I should point out that my solution does not handle leap seconds in UTC. For me that is never an issue. But it would be easy to account for that by using a lookup table if you really needed ultra high precision timing.
public class Program
{
static void Main(string[] args)
{
int seconds = GetNumberOfSecondsInMonth(2010, 11, DateTimeKind.Local);
}
public static int GetNumberOfSecondsInMonth(int year, int month, DateTimeKind kind)
{
DateTime start = new DateTime(year, month, 1);
DateTime end = start.AddMonths(1);
int seconds = (int)(end - start).TotalSeconds;
if (kind == DateTimeKind.Local)
{
DaylightTime dt = TimeZone.CurrentTimeZone.GetDaylightChanges(year);
seconds = (dt.Start > start) ? seconds - 3600 : seconds;
seconds = (dt.End < end) ? seconds + 3600 : seconds;
}
return seconds;
}
}
It's a problem with years ang months as there is not a fixed number of days in them. But after a lot of thought I have figured out how to do it. It was not a good idea to calculate months with either 30 or 31 days in them, because it looks bad, for example converting from 1 year to months would give an answer of 11 months and 25 days if I had 30 days in each month, or 12 months and 5 days if I have 31 days in each month.

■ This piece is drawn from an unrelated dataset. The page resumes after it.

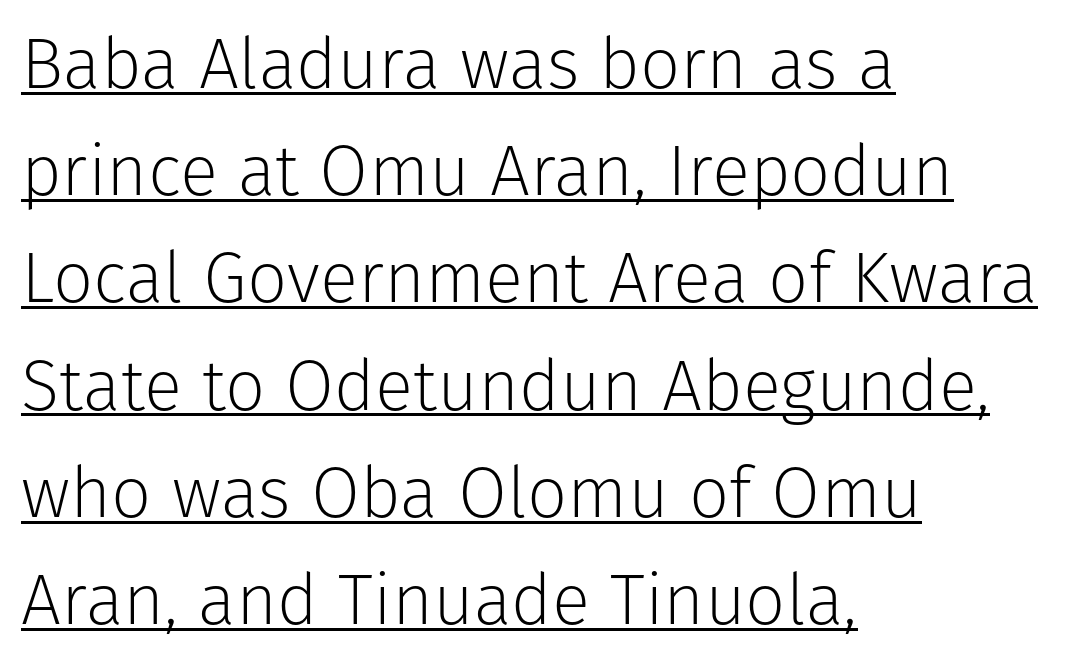
The image shows 71 px light sans-serif type, upright; set left-aligned, normal line spacing (1.51x), normal letter spacing, underlined; low stroke contrast and a medium x-height.

Instead I loop through a series of days per month: 30,30,31,30,31,30,31,30,31,30,31,30 which makes a total of 365 days in a year. So if I want the number of days in 4 months I add 30+30+31+30. And if I start with 23 months it would go through the loop almost twice (23 times 30 or 31). It's done in a while/until loop. For every 4 years I add 1 day, making it 366 days (the first 30 is changed to 31 in the list). It's rather complex but it works and the result looks better.